■ The data ■
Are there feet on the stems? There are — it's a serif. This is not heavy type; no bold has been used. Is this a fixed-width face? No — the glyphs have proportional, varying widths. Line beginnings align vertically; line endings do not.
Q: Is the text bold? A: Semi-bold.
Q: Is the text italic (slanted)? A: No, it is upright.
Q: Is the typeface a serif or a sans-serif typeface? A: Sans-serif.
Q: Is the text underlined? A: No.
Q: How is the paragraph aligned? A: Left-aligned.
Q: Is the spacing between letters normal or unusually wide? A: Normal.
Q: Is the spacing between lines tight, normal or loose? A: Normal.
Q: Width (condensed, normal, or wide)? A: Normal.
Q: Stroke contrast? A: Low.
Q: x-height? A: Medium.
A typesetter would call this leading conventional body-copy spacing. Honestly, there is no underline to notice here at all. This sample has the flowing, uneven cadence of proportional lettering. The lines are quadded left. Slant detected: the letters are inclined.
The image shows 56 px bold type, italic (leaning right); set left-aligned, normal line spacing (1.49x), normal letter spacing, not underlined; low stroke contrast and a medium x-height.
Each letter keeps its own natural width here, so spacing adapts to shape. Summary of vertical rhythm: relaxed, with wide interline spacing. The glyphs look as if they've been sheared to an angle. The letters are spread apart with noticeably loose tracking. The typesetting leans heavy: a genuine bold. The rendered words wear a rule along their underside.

==

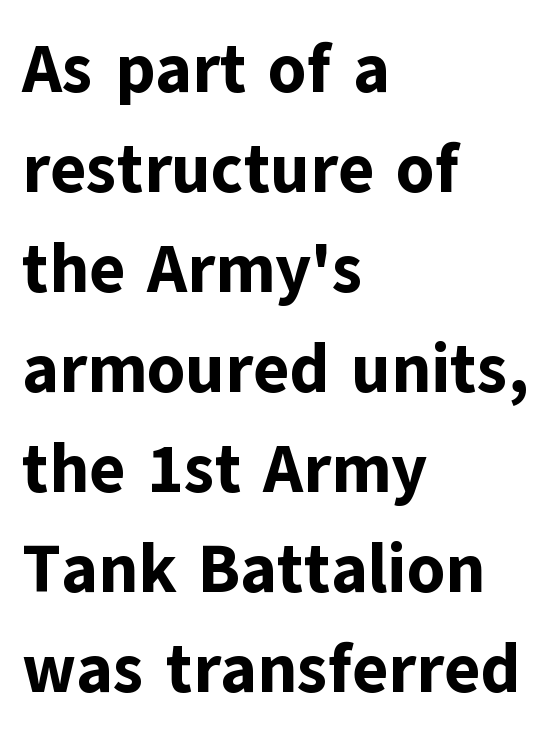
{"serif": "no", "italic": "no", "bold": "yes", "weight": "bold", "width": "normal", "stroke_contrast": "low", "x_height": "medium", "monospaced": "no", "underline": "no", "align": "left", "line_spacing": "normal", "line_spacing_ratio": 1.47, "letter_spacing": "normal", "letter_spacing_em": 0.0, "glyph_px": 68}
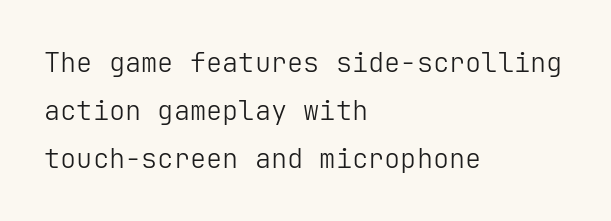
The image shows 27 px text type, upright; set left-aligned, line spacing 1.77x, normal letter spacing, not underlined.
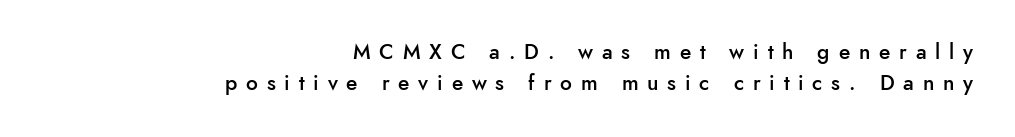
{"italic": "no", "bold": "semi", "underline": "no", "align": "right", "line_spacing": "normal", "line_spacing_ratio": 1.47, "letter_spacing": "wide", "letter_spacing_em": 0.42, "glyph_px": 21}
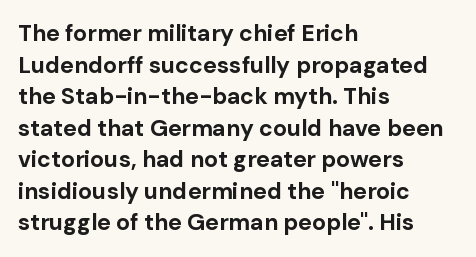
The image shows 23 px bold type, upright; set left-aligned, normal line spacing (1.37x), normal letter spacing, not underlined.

■ What to work on ■
Wherever the string "been" is found in the listing above, copy the line that contains it.

■ Written answer ■
Are there feet on the stems? There are — it's a serif. This is not heavy type; no bold has been used. Is this a fixed-width face? No — the glyphs have proportional, varying widths. Line beginnings align vertically; line endings do not.
Each letter keeps its own natural width here, so spacing adapts to shape. Summary of vertical rhythm: relaxed, with wide interline spacing. The glyphs look as if they've been sheared to an angle. The letters are spread apart with noticeably loose tracking. The typesetting leans heavy: a genuine bold. The rendered words wear a rule along their underside.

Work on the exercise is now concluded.